Once Again! Nonprofit CEO: Board Peer – Not A Powerhouse

Once Again! Nonprofit CEO: Board Peer – Not A Powerhouse

By: Eugene Fram

Viewer Favorite: Updated and Revised

Some nonprofit CEOs make a fetish out of describing their boards and/or board chairs as their “bosses.” Others, for example, can see the description, as a parent-child relationship by funders. The parent, the board, may be strong, but can the child, the CEO, implement a grant or donation? Some CEOs openly like to perpetuate this type of relationship because when bad decisions come to roost, they can use the old refrain: the board made me do it.

My preference is that the board-CEO relationship be a partnership among peers focusing on achieving desired outcomes and impacts for the nonprofit. (I, with others, would make and have made CEOs, who deserve the position, voting members of their boards! Some state laws specifically outlaw it.)

There are many precedents for a nonprofit CEO to become a peer board member, some without voting rights, some with full voting rights. One nonprofit group is university presidents, where shared governance with faculty bodies can be the norm. For example, when General Eisenhower became president of Columbia, he referred to the faculty in an initial presentation as “Columbia employees.” Later a senior faculty member informed him “With all due respect, the faculty is the university.”

Another nonprofit group is hospitals where the CEO may also be or has been the chief medical officer. The level of medical expertise needed to lead requires that a peer relationship be developed. Also if the hospital CEO is a management person, he and the chief medical officer must have a peer relationship, which extends to the board.

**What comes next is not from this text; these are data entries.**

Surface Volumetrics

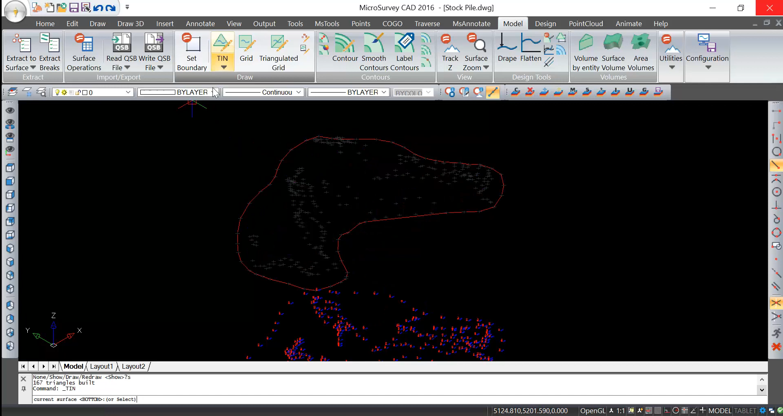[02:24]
Alt in. I'll select S for show.
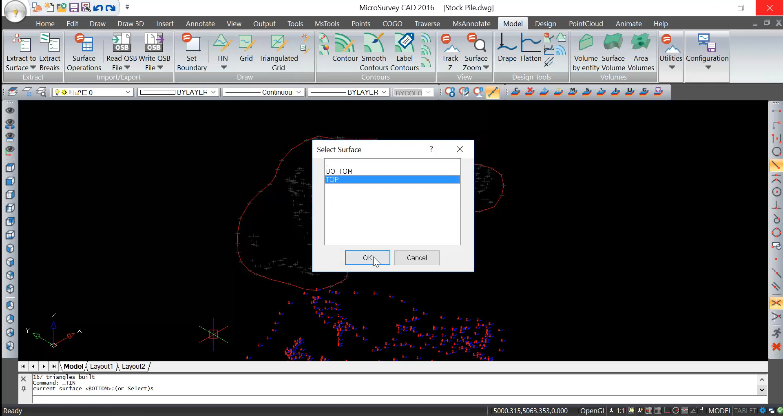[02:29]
And let's ask for it to show us the top surface. Again I'll show it. And there we can see that looks accurate. That's representing the surface of the stockpile.
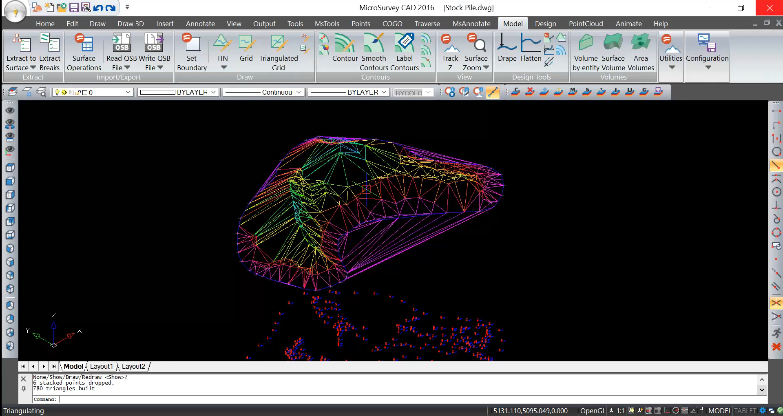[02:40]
Now we have two surfaces in memory. And now we're ready to start doing some volume calculations. So here I'll go to surface volume.
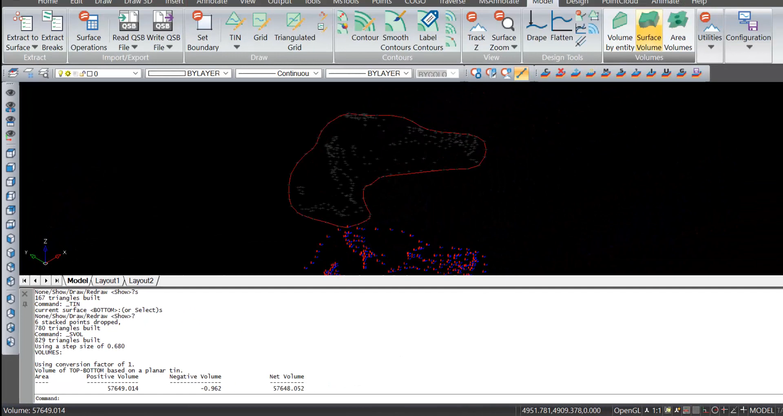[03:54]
Now let's do another surface volume calculation. And we'll use the other method. So remember again, newer is top.
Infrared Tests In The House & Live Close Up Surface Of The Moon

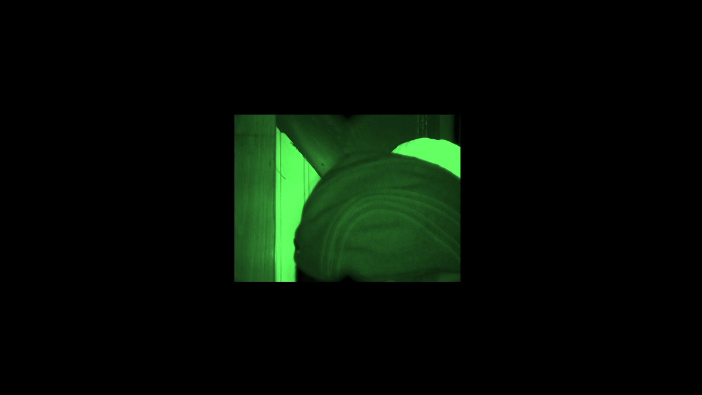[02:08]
Infrared radiation waves can be seen with the naked eye.
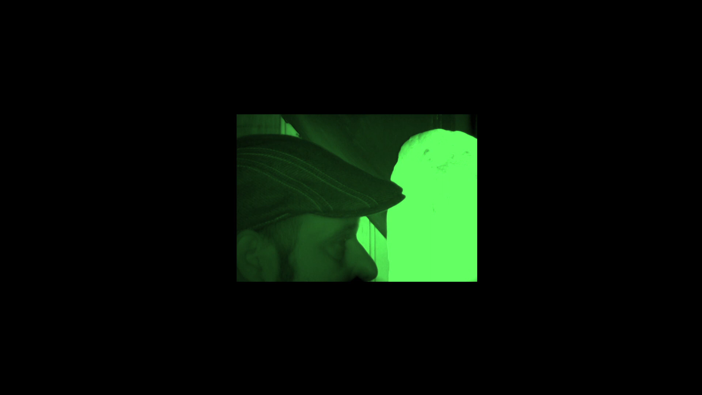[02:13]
Do you know how we would perceive that? We would see it as like heat
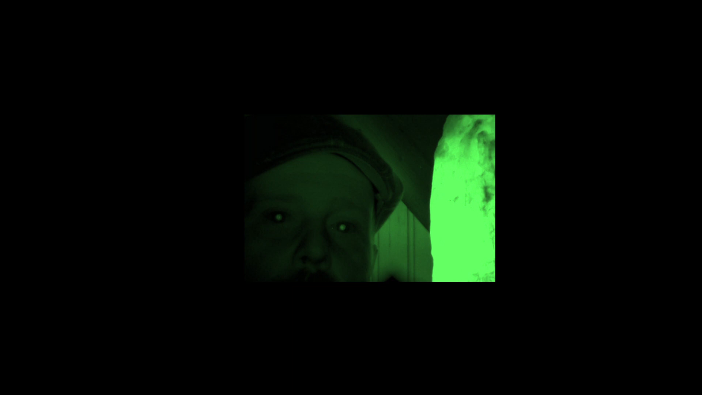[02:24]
You see the heat waves rising up. That's the same way our eyes can detect a wavelength of a color, longer or shorter wavelengths that we cannot see, but we'll still see that heat wave.
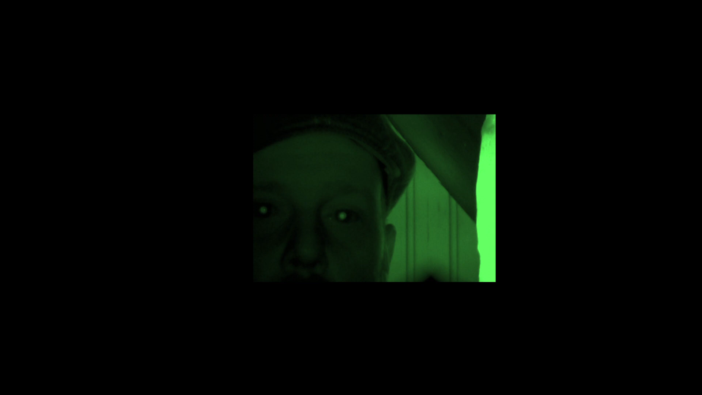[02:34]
There's infrared light all around us, but we can't see it, but our cameras can.
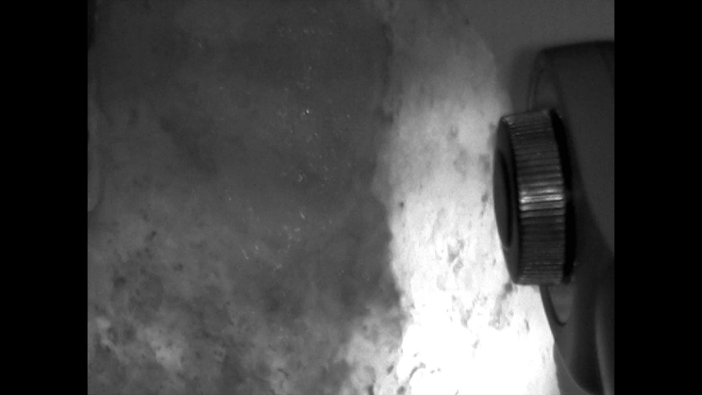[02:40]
The problem is the IR light affects the camera's ability to record the visible light correctly.
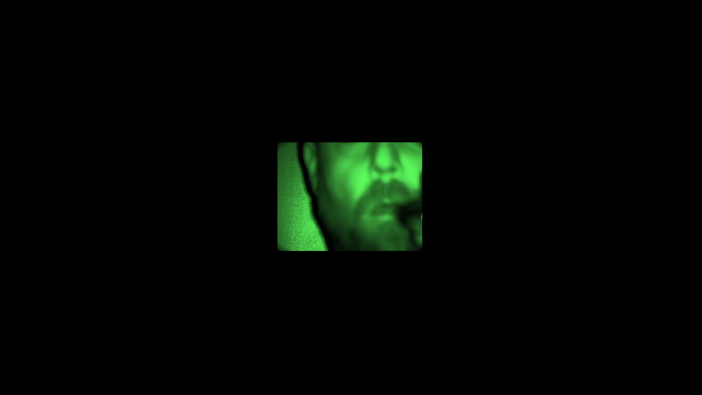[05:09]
So digital cameras and even cell phone cameras are far more sensitive than our eyes.

Hallmarks of a Peer Relationship
• The CEO values the board trust assigned him/her, and carefully guards against the board receiving surprise announcements.
• The board avoids any attempts to micromanage, a natural tendency for many nonprofit boards.
• When a board member works on a specific operating project, it is clearly understood that he is accountable to the CEO for results.
• The CEO has board authority to borrow money for short term emergency needs
• The CEO understands need for executive sessions without his/her presence.
• The CEO understands the need for robust assessment processes to allow the board to meet its overview duties.
• Both board and CEO are alert to potential conflicts of interest which may occurs.
• Both value civil discussion when disagreements occur.
• The board realizes that nobody does his/her job perfectly, and it does not react to occasional CEO modest misjudgments.

Summary
Elevating a nonprofit CEO to a status of board peer does not automatically make the CEO a powerhouse. The board legally can terminate the CEO at will. However, in my opinion, the following benefits can accrue to the organization.

The peer relationship help will:

• Help the organization to build a desirable public brand.
• Allow a capable person to interface with the media.
• Define a role for the CEO to lead in fundraising.
• Allow the organization to hire better qualified personnel.
• Allow the organization to present a strong management environment to funders. After all, top people readily communicate with people in similar positions.